§ What you need to do: Set down exactly the lines from the one containing "Time after image 1 is 4.0 s." to the final line of the records below, with every picture omitted.

(Data excerpts)
----

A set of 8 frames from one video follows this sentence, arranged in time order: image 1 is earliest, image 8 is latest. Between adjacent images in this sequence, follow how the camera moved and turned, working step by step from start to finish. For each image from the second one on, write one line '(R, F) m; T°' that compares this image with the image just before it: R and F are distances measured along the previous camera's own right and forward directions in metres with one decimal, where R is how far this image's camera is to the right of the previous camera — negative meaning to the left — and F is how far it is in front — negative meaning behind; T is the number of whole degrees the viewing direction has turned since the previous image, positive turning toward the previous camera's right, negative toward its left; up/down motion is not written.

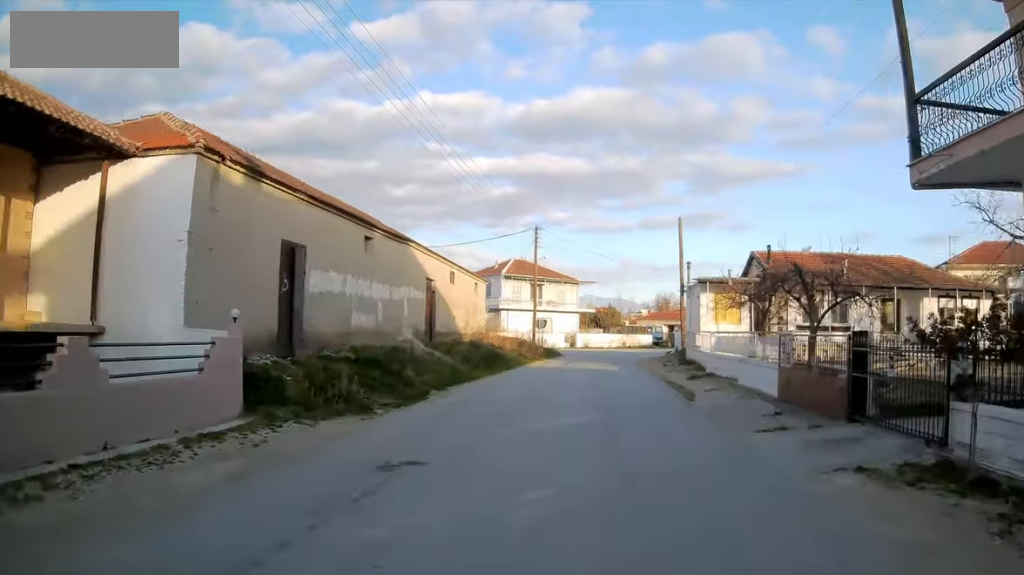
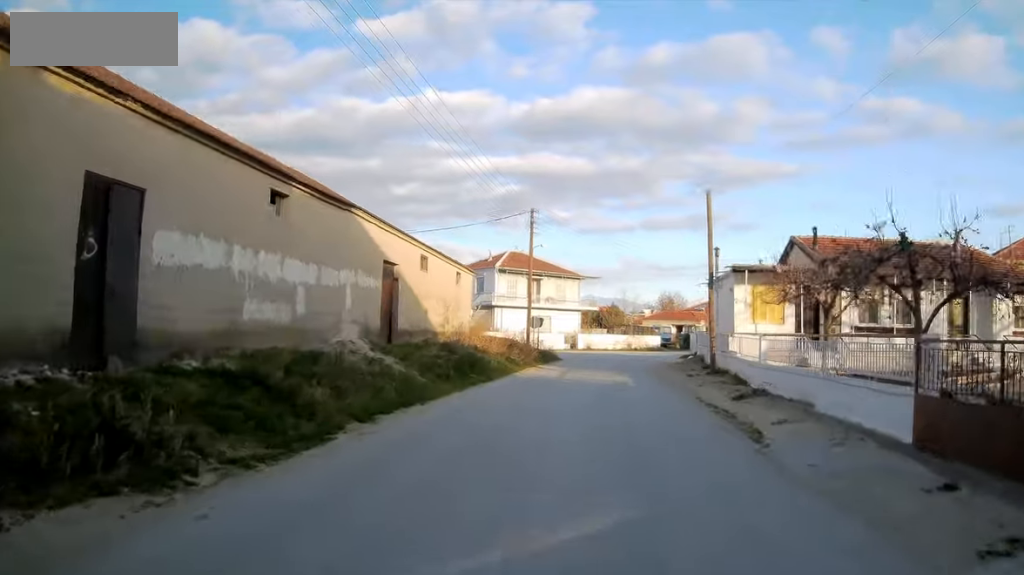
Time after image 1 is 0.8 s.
(+0.1, +6.8) m; 0°
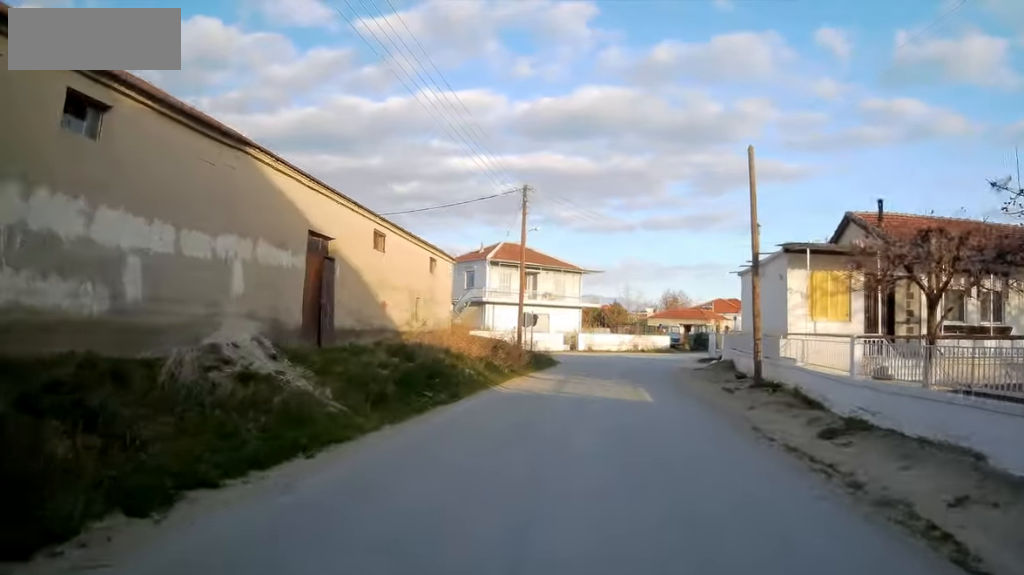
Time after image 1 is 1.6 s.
(0.0, +6.3) m; -2°
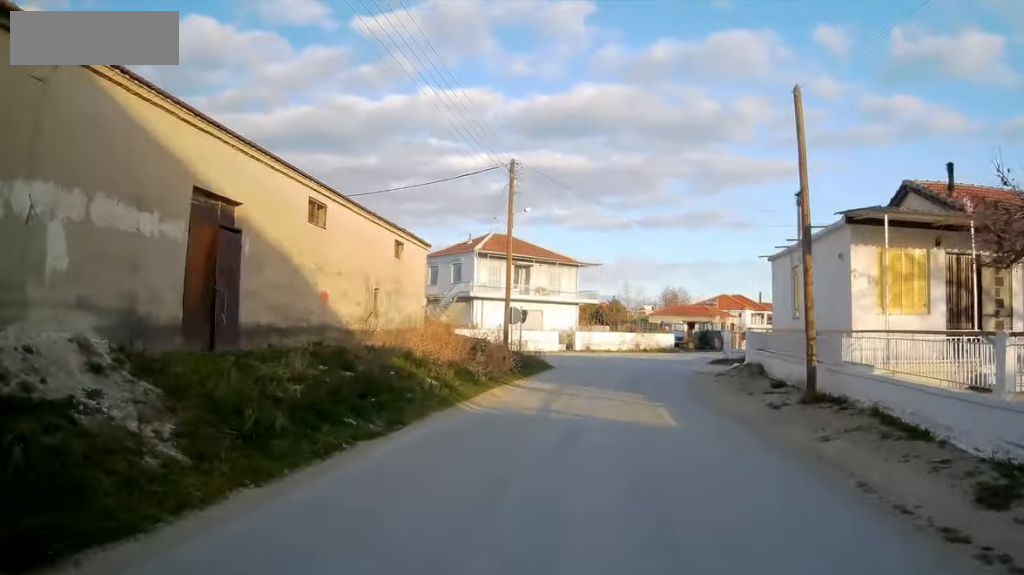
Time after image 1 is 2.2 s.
(-0.1, +4.6) m; -1°
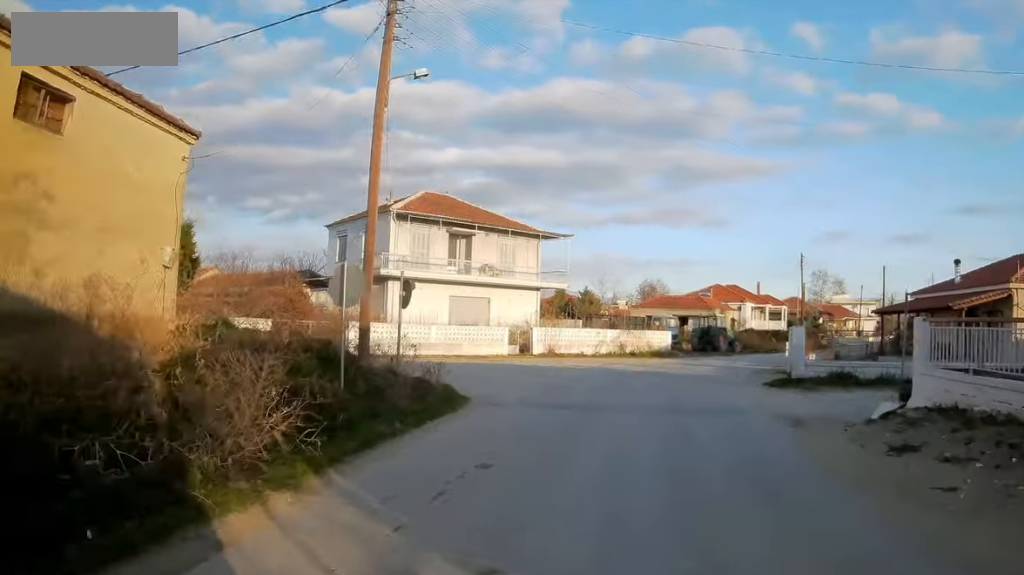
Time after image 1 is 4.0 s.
(+0.1, +15.3) m; +2°
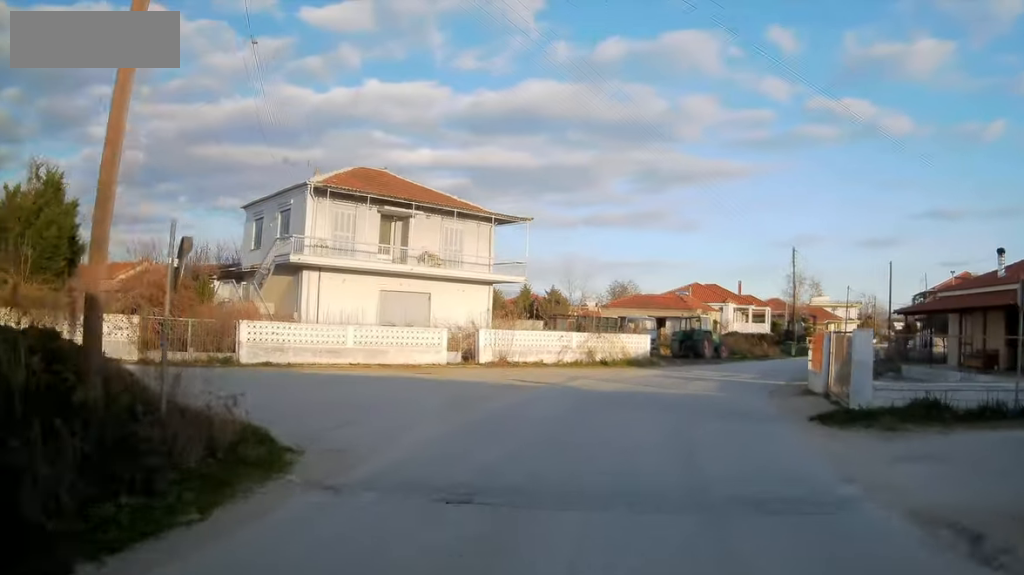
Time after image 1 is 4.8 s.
(+0.1, +6.9) m; +3°
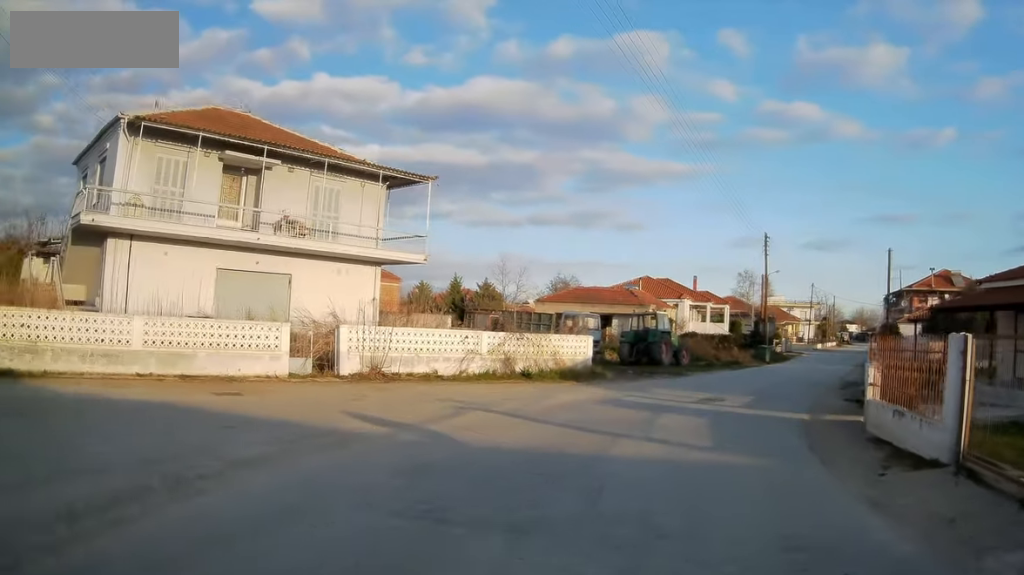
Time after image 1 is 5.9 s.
(+0.3, +8.9) m; +4°
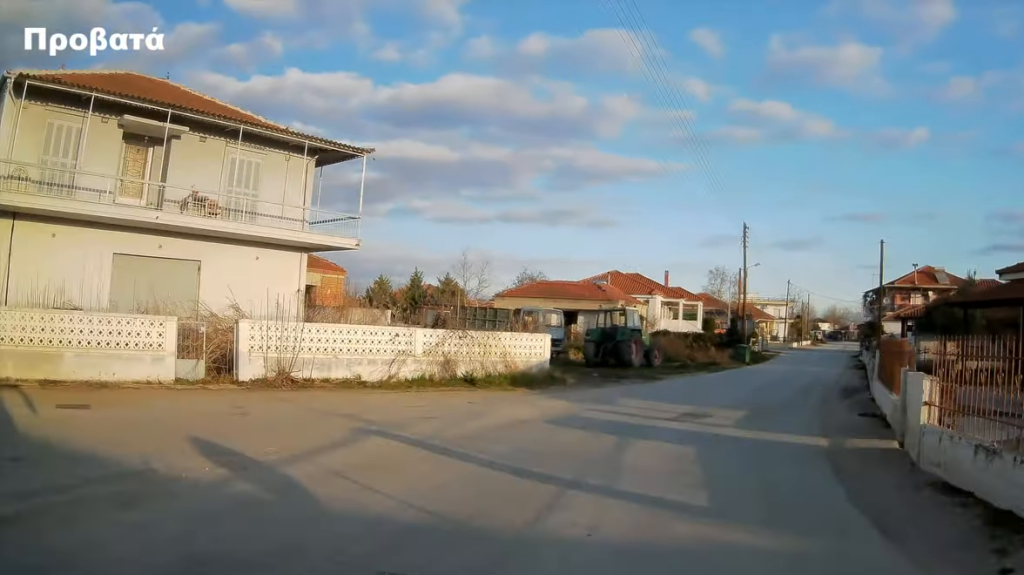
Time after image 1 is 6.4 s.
(0.0, +3.4) m; +2°

----

§ Solution:
Time after image 1 is 4.0 s.
(+0.1, +15.3) m; +2°
Time after image 1 is 4.8 s.
(+0.1, +6.9) m; +3°
Time after image 1 is 5.9 s.
(+0.3, +8.9) m; +4°
Time after image 1 is 6.4 s.
(0.0, +3.4) m; +2°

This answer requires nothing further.